DOCKER_NETWORK_INTERFACE = docker0  # replace this with your Docker network interface

analyze_traffic:
    sudo tcpdump -i $(DOCKER_NETWORK_INTERFACE) -U -w ./tcpdump.pcap   #'port 8883'

analyze_traffic_file:
    wireshark ./tcpdump.pcap

analyze_traffic_file_python:
    wireshark ./tcpdump-py.pcap

perform_connection_check:
    docker exec -it $(TELEGRAF_CONTAINER) ping a1q5qvt4b4ldkh-ats.iot.eu-central-1.amazonaws.com

###########################
# Python equivalent       #
###########################

TELEGRAF_PY_IMAGE=telegraf-test-image-py
TELEGRAF_PY_CONTAINER=telegraf-test-container-py
TELEGRAF_PY_DOCKERFILE=telegraf-py.Dockerfile

build_python:
    docker build -t $(TELEGRAF_PY_IMAGE) -f $(TELEGRAF_PY_DOCKERFILE) .

deploy_python:
    docker run \
        --detach --rm \
        --name $(TELEGRAF_PY_CONTAINER) \
        $(TELEGRAF_PY_IMAGE)

watch_logs_python:
    docker logs -f $(TELEGRAF_PY_CONTAINER)

remove_python:
    -docker rm -f $(TELEGRAF_PY_CONTAINER)

redeploy_python:
    make remove_python
    make build_python
    make deploy_python
    make watch_logs_python

And here's the Dockerfile for the Python script:

FROM python:3.9.6 as py3106
ENV PYTHONDONTWRITEBYTECODE 1
ENV PYTHONUNBUFFERED 1

WORKDIR /app

# copy requirement files
COPY ./requirements.txt ./requirements.txt

# install awscli
RUN curl "https://awscli.amazonaws.com/awscli-exe-linux-x86_64.zip" -o "awscliv2.zip"
RUN unzip awscliv2.zip
RUN ./aws/install

# install general dependencies
RUN apt install gcc
RUN python -m pip install --upgrade pip && pip install --no-cache-dir -r requirements.txt

# copy script & certificates
COPY ./listen_to_mqtt.py ./listen_to_mqtt.py
COPY ./ca.pem ./ca.pem
COPY ./cert.pem ./cert.pem
COPY ./key.pem ./key.pem

# run the script
CMD python listen_to_mqtt.py

I used wireshark and tcpdump to analyze the network traffic from the container, but I'm admittedly a newbie doing that.

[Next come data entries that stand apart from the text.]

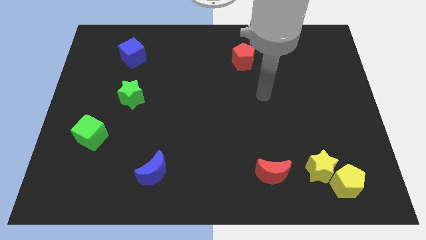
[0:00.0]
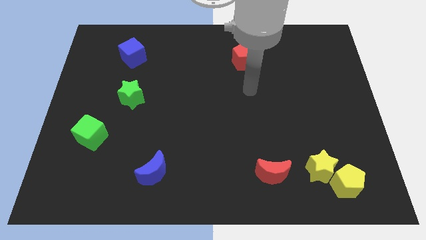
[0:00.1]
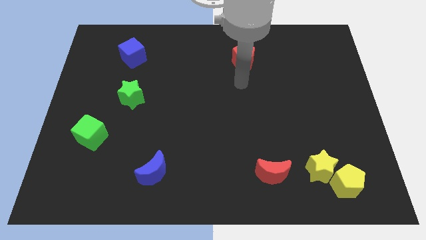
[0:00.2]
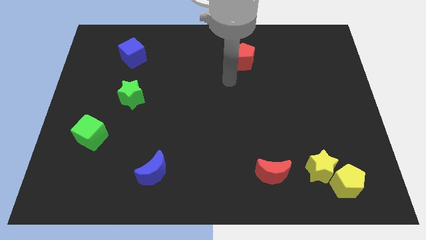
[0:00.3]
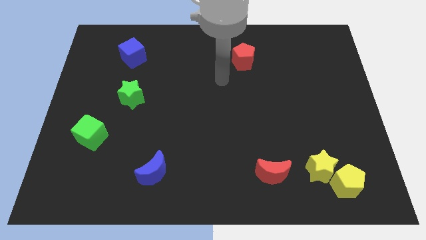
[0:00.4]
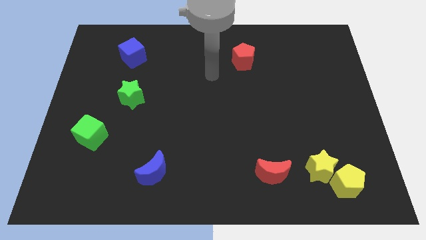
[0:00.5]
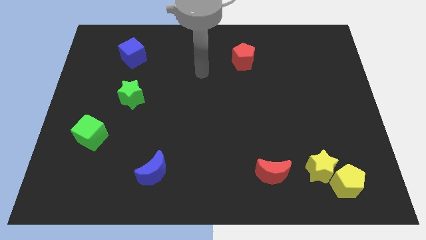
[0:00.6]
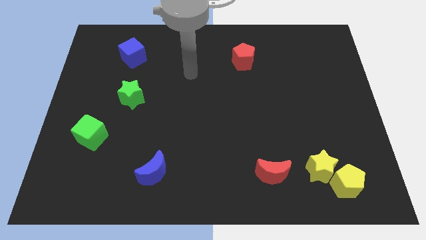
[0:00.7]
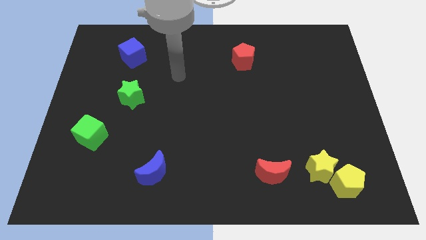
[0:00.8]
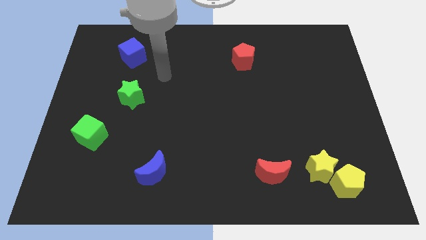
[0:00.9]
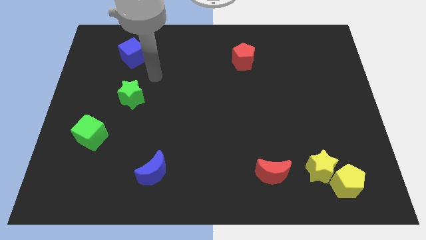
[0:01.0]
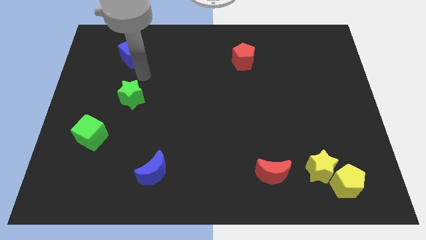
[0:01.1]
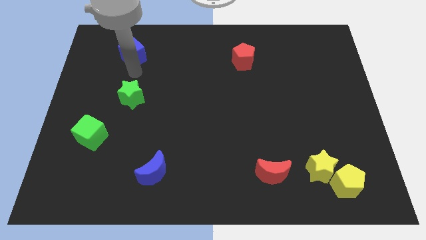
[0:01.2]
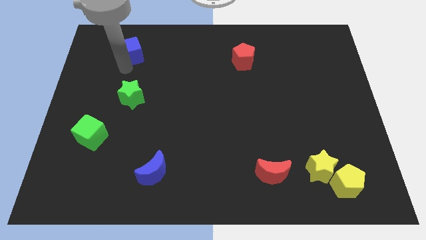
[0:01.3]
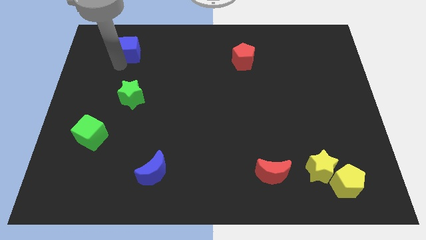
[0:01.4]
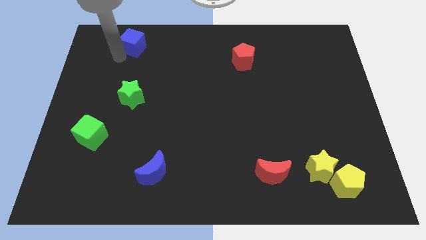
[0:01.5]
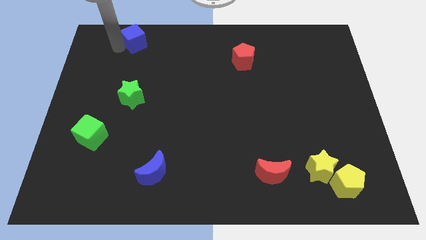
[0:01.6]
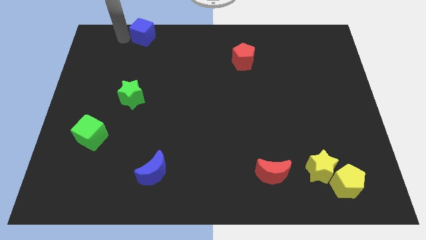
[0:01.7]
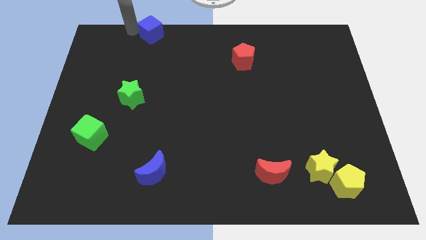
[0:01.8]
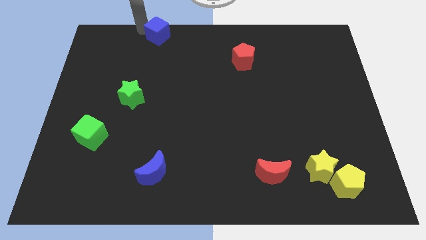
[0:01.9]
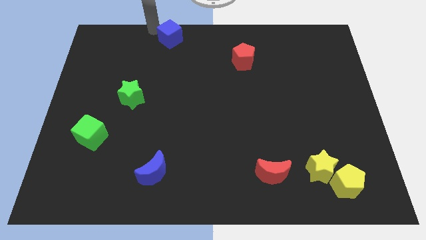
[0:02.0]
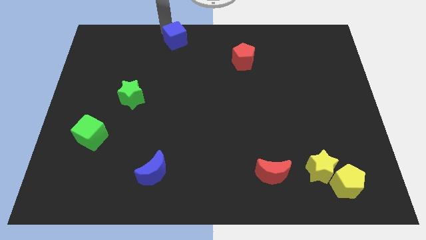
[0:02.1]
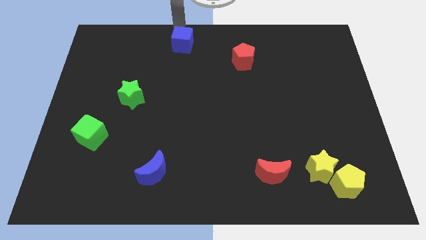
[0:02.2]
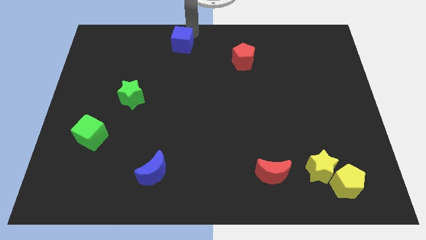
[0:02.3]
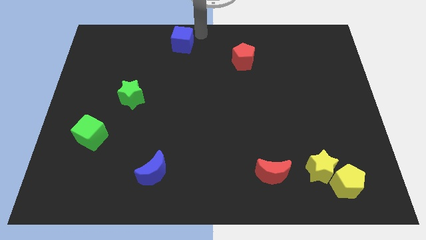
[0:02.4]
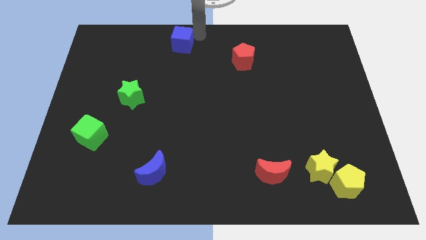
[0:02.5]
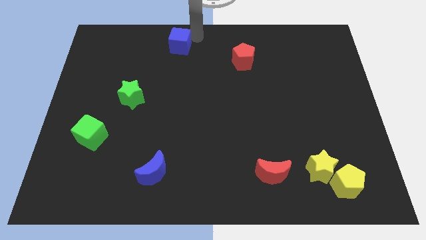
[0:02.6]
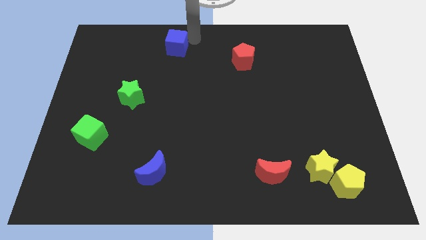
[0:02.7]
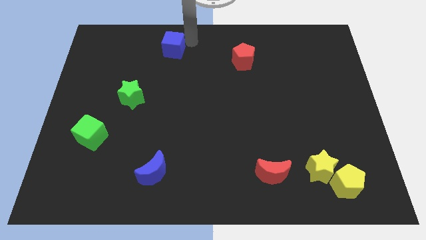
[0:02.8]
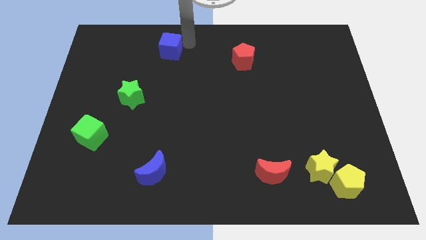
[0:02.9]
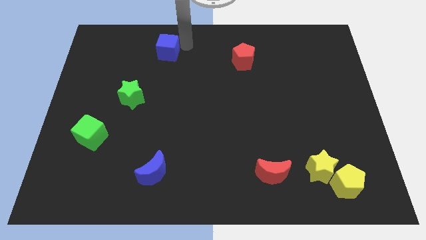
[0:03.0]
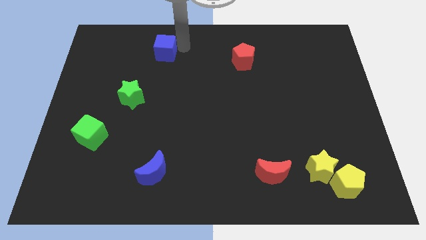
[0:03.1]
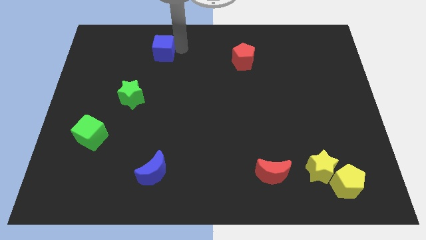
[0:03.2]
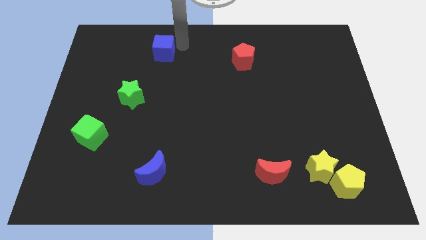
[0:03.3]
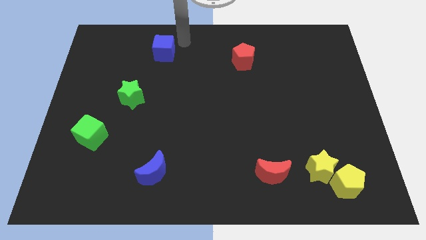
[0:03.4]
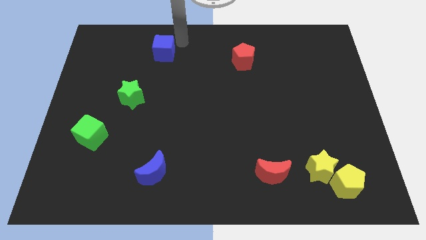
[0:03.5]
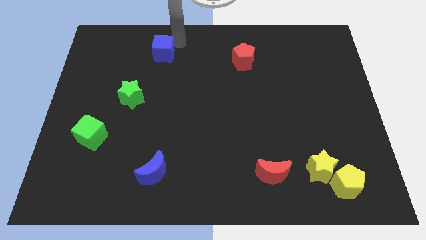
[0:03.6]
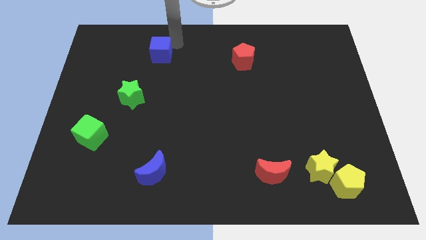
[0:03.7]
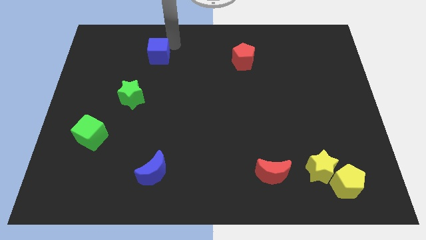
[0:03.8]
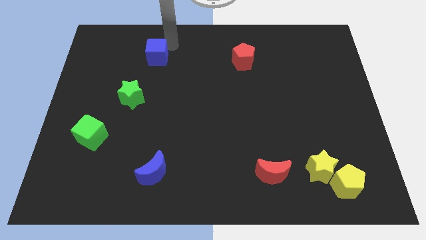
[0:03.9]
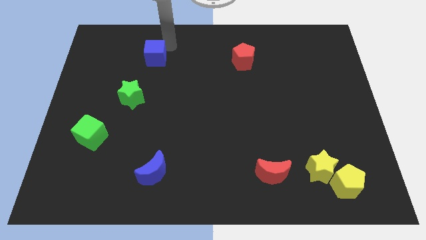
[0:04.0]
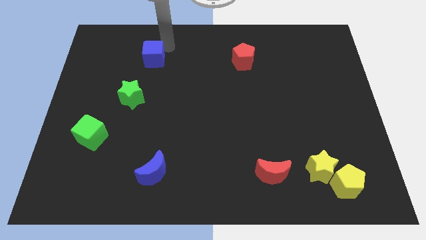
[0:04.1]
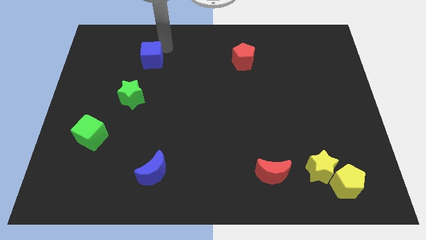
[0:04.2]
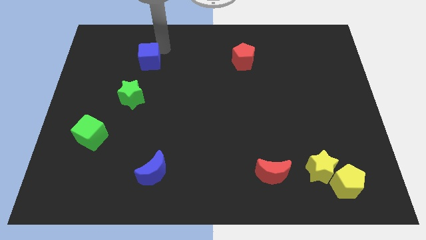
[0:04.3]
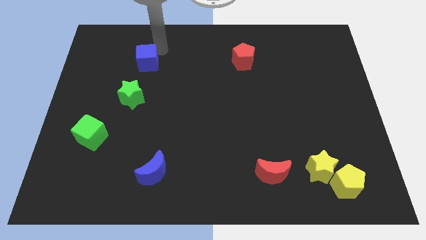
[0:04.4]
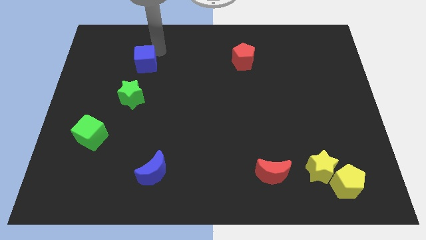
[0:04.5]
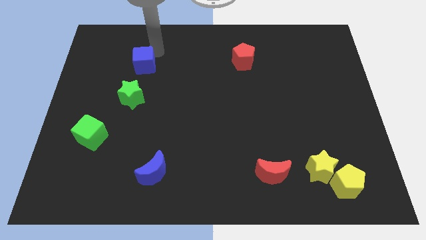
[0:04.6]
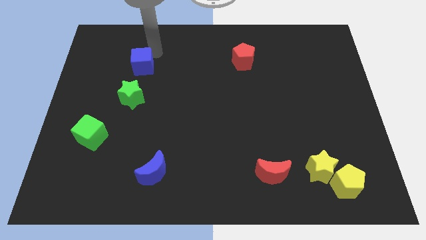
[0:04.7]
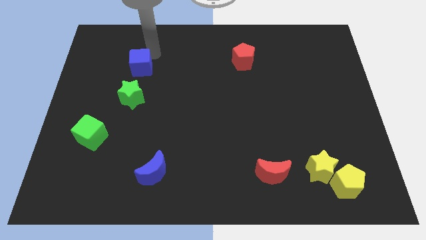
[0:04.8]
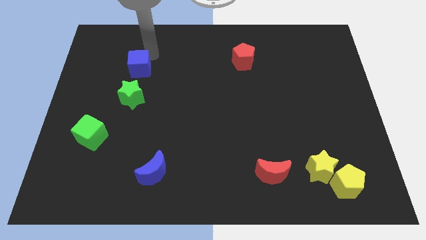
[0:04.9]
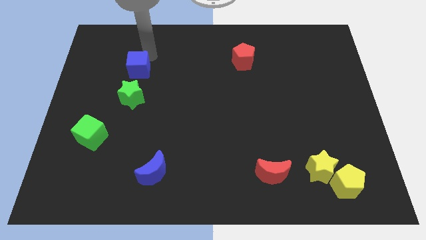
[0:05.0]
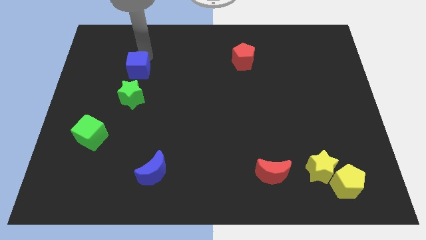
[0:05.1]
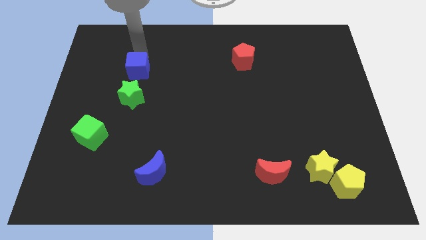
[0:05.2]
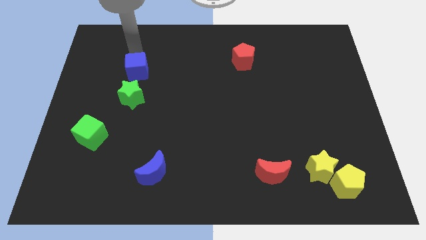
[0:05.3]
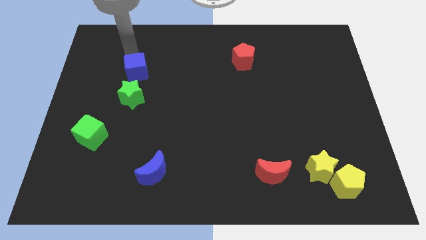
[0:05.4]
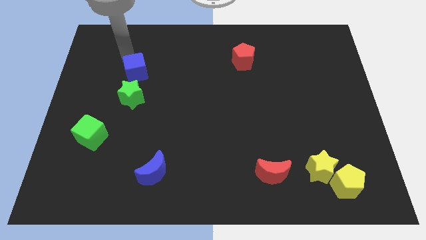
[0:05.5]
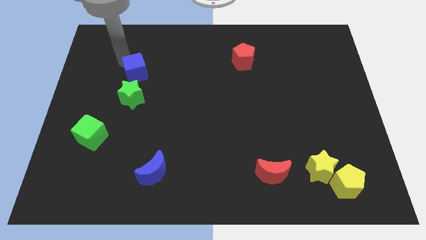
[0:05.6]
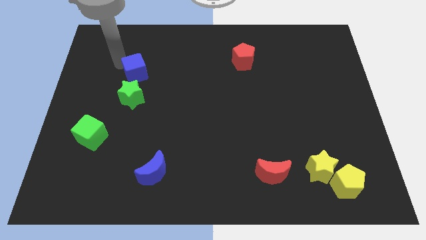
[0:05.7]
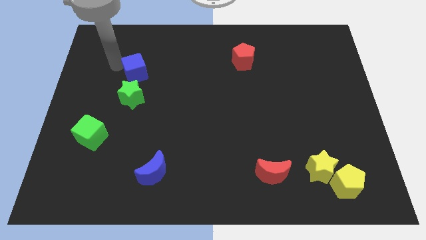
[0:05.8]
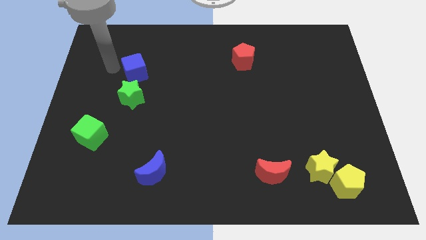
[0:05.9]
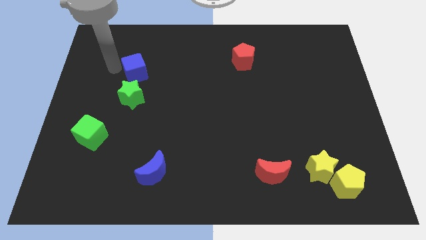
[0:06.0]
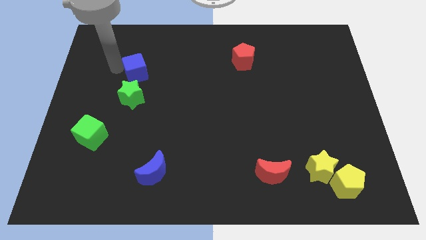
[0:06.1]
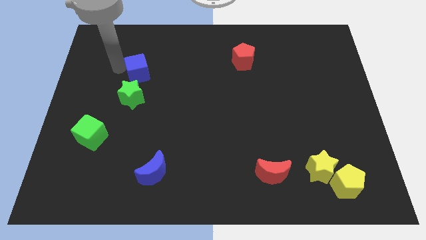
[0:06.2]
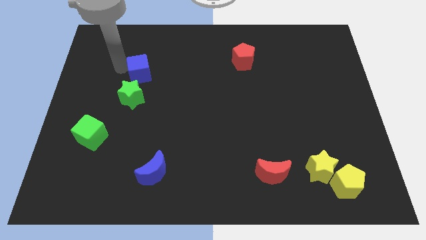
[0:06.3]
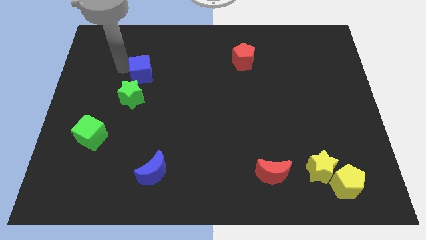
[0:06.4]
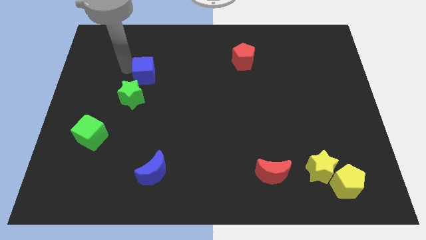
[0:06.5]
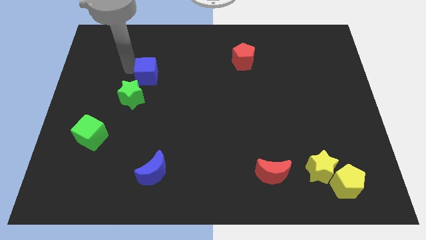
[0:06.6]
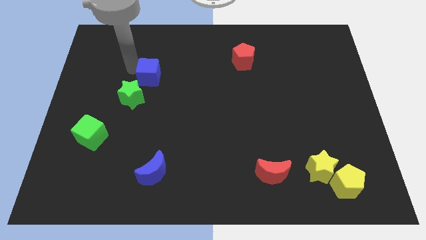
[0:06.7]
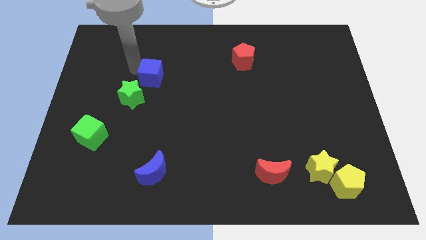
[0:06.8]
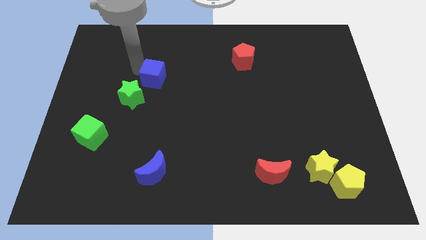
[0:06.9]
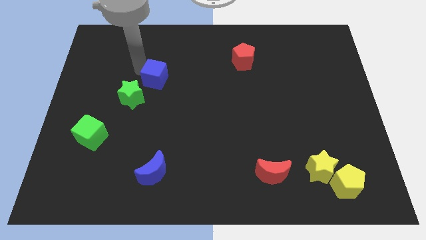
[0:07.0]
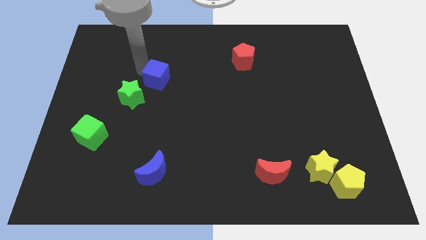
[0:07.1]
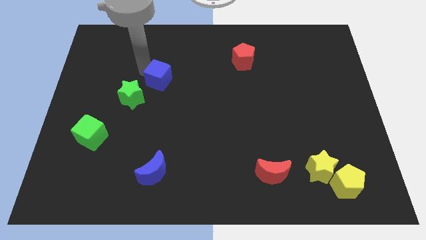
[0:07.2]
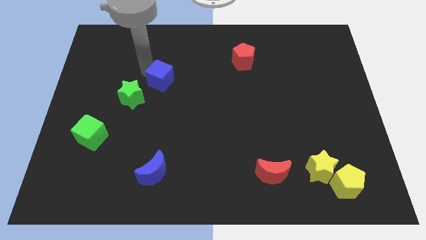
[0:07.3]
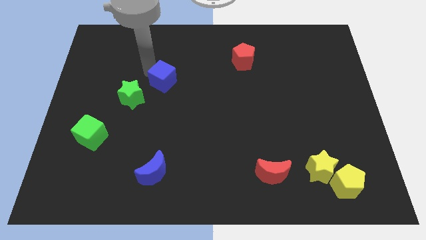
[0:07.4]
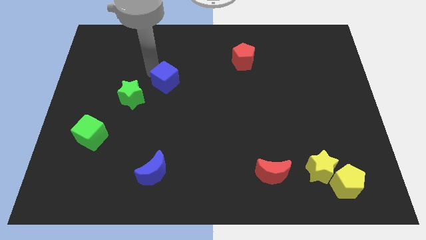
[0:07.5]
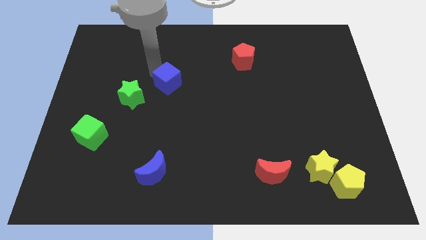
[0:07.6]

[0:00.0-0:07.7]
put the blue cube right of the green star

When setting telegraf up with Port 8883 it fails within ~30s, and I don't see any key exchange and the [SYN] call doesn't receive a [SYN ACK]. When setting it up with Port 443 I see certificate exchanges and it takes around ~60s for the, essentially, same error message to appear: i/o timeout.

So things I tried are:

  • changing the telegraf version (for 1.18.3 the container doesn't crash, but it fails to receive messages, later versions crash after mentioned delay)
  • changing the port (443, 8883, 8443)
  • ping the AWS server from inside the telegraf-container before it crashes (works!)
  • settings insecure_skip_verify = false or insecure_skip_verify = true or leaving it out entirely
  • played around with the AWS IoT-Core's security policy (i.e. TLS13_1_3_2022_10, TLS12_1_0_2015_01, etc.) -- I see via wireshark that telegraf then uses TLS1.3 or TLS1.2, but apart from that no mayor change in behavior occurs

I'm expecting this to be about some tiny setting or configuration in either telegraf or AWS that I just don't know about. I'm not sure how I can proceed after spending close to a day on this already.


Solution

  • turns out the solution was quite simple, but a bit confusing due to the Python script: the outgoing Port was blocked in our network. The Python script (as mentioned) used Port 443 so it got through - Port 443 wouldn't work for telegraf though - and Port 8883 was blocked leading to the timeout error.